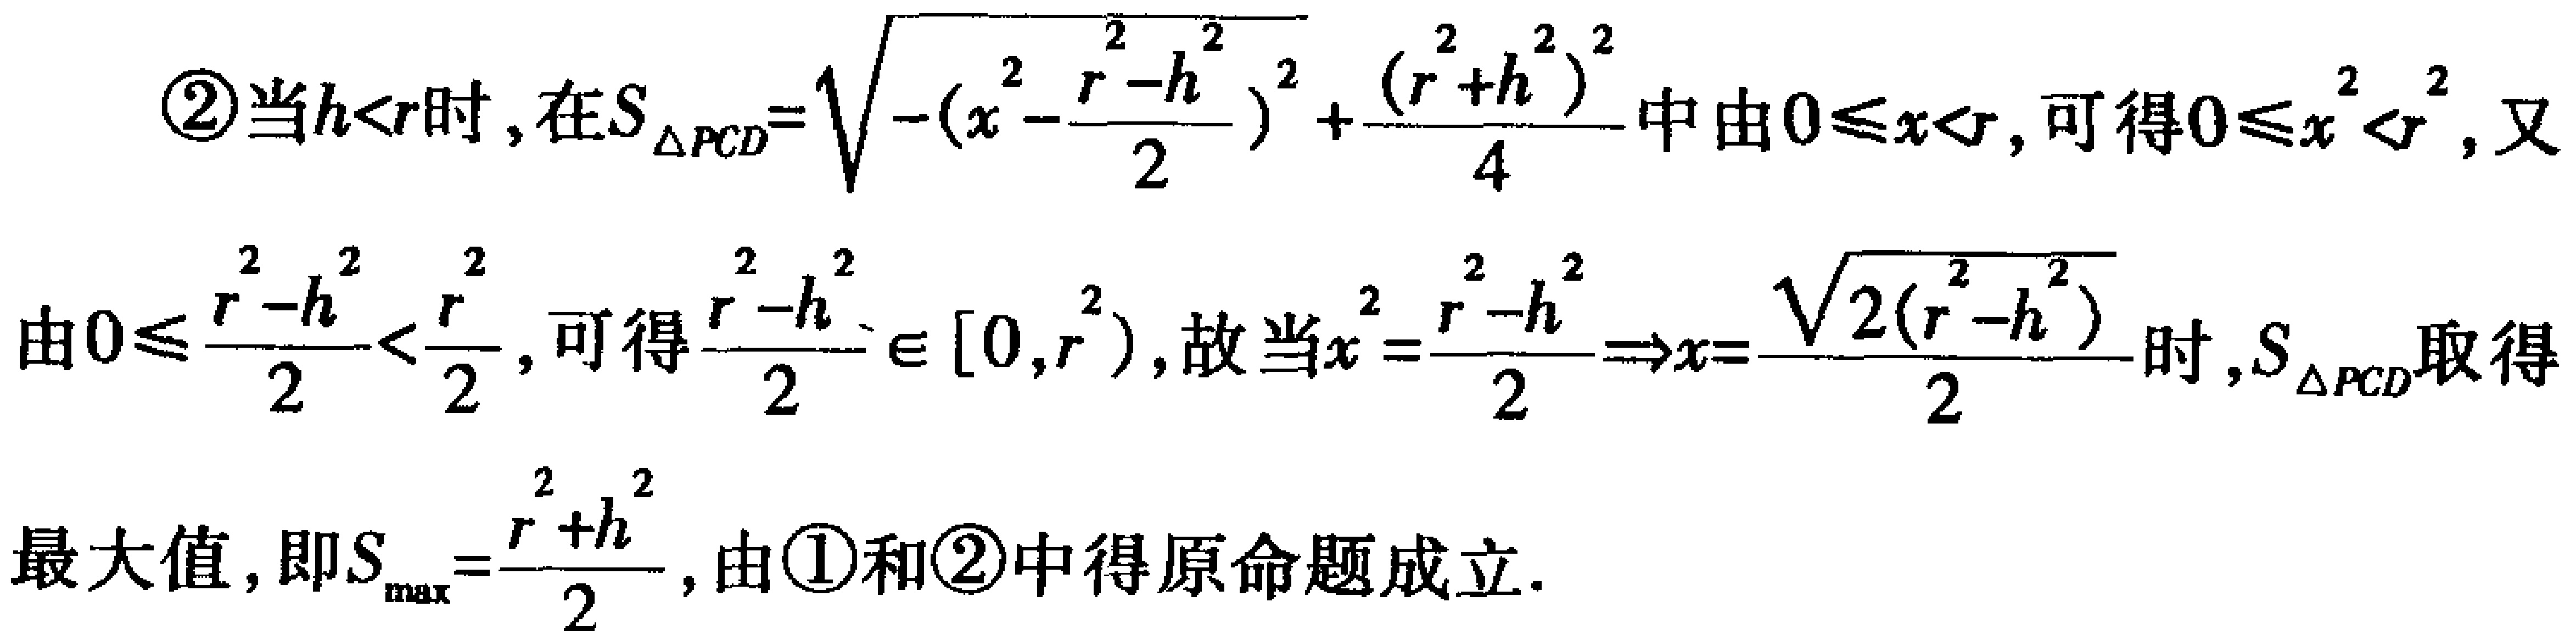
\textcircled{2}当\(h<r\)时，在\(S_{\triangle PCD}=\sqrt{-(x^{2}-\frac{r^{2}-h^{2}}{2})^{2}+\frac{(r^{2}+h^{2})^{2}}{4}}\)中由\(0\leq x<r\)，可得\(0\leq x^{2}<r^{2}\)，又
由\(0\leq \frac{r^{2}-h^{2}}{2}<\frac{r^{2}}{2}\)，可得\(\frac{r^{2}-h^{2}}{2}\in [0,r^{2})\)，故当\(x^{2}=\frac{r^{2}-h^{2}}{2}\Rightarrow x = \frac{\sqrt{2(r^{2}-h^{2})}}{2}\)时，\(S_{\triangle PCD}\)取得
最大值，即\(S_{\max}=\frac{r^{2}+h^{2}}{2}\)，由\textcircled{1}和\textcircled{2}中得原命题成立.
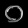
Digit: ၀
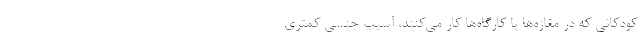
کودکانی که در مغازه‌ها یا کارگاه‌ها کار می‌کنند، آسیب جنسی کمتری
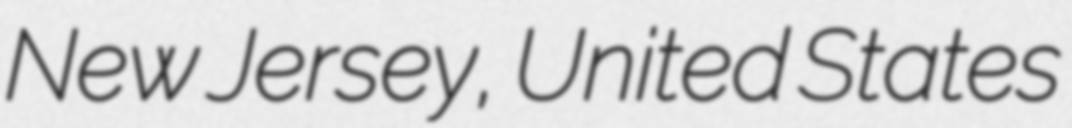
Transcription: New Jersey, United States
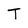
Character: T
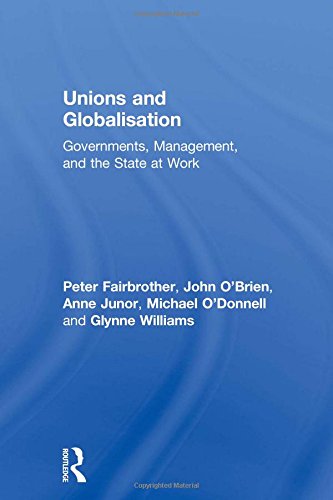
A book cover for Unions and Globalisation: Governments, Management, and the State at Work (Routledge Studies in Employment and Work Relations in Context); Peter Fairbrother; Business & Money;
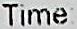
TIME:

-------

◆ GOAL OF THE EXERCISE
Your task is to copy word for word the lines from the line containing "A book cover" to the end of the listing, both included, and to drop any pictures.

◆ EXERCISE RESPONSE
A book cover for Unions and Globalisation: Governments, Management, and the State at Work (Routledge Studies in Employment and Work Relations in Context); Peter Fairbrother; Business & Money;
TIME:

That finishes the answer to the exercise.